Rajeev Suri said he expected the start of 2016 to be particularly challenging as operators reassess capex plans in light of macroeconomic uncertainty.
The Nokia CEO made the remarks as he begins to assimilate Alcatel-Lucent and build on what he said was a solid set of financial results.
The vendor saw Q4 sales rise three percent year-on-year to €3.6 billion thanks to its Technologies division.
The tech arm, which accounts for less than a tenth of total revenues, saw sales grow 170 percent thanks to what Nokia described as “non-recurring adjustments from an existing agreement”.
Its principal networks division saw revenues decline five percent, which was particularly affected by falling sales at its Global Services portfolio.
Network sales were down seven percent in Europe and 12 percent in Asia-Pacific.
However, overall profit was up by more than half to €499 million.
The fourth quarter figures pushed full-year revenues up six percent to €12.5 billion.
Network sales were up by three percent, while revenues from its Technologies arm were up 77 percent.
However, profit was down 56 percent to €1.2 billion.
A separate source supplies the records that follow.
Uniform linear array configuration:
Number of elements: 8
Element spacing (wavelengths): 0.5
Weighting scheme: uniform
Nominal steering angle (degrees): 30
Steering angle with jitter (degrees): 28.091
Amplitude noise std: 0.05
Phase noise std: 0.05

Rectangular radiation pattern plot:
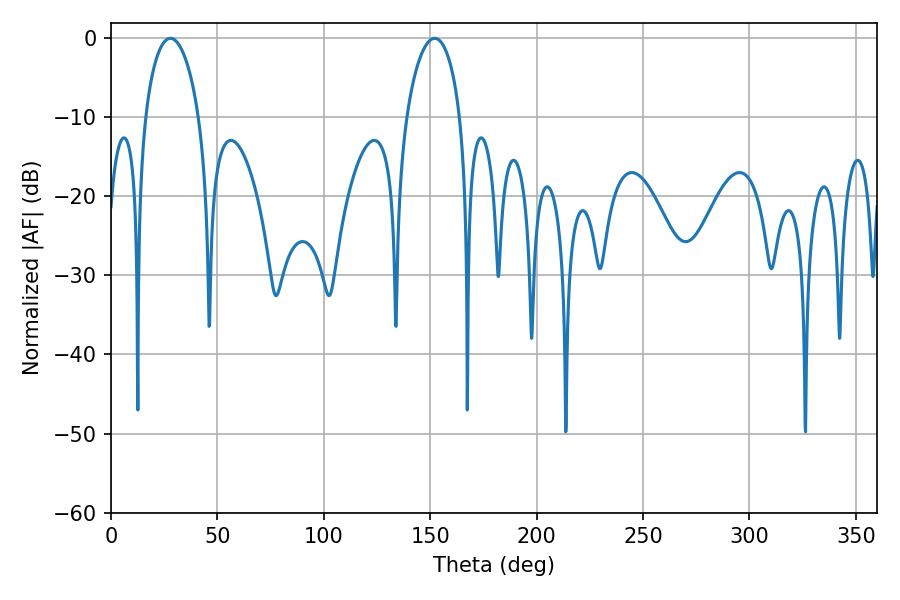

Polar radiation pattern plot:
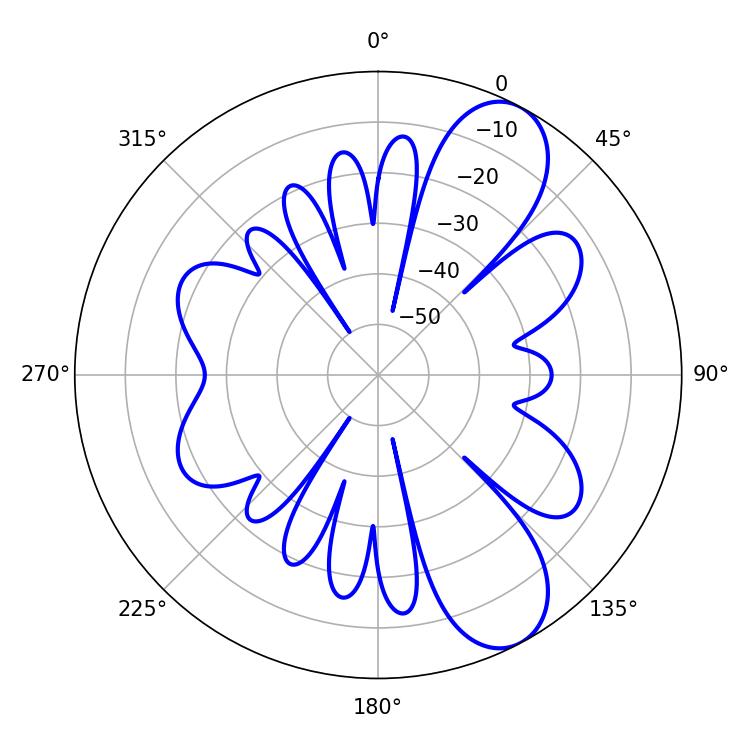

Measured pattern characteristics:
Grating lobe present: FALSE
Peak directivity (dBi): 8.972
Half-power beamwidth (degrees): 14.58
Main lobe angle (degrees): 27.9

The Finland-based company said this was primarily due to the absence of a €2.0 billion non-
cash tax benefit reported in tax expenses reported last year.
Suri described 2015 as “another year of dramatic transformation” but said work on integrating A-L had got off to “a strong start”.
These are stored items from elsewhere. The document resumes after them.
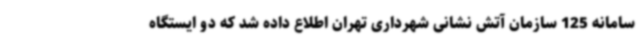
سامانه 125 سازمان آتش نشانی شهرداری تهران اطلاع داده شد که دو ایستگاه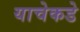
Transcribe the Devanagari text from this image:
याचेकडे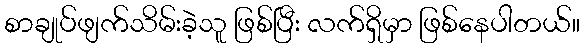
စာချုပ်ဖျက်သိမ်းခဲ့သူ ဖြစ်ပြီး လက်ရှိမှာ ဖြစ်နေပါတယ်။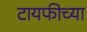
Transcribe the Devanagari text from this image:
टायफीच्या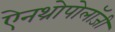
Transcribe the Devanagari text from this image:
ऐनथ्रोपोलॉजी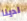
لدينا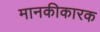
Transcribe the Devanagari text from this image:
मानकीकारक

He explained: “Teams are preparing joint bids, we are working closely with our customers to ensure we can make fast and effective decisions about overlapping areas of our portfolio, and we are on target to deliver on our previously announced synergy savings.”
But he warned the year would get off to a troubled start.
“The first quarter, in particular, looks quite challenging as customers assess their capex plans in light of increasing macro-economic uncertainty,” he said.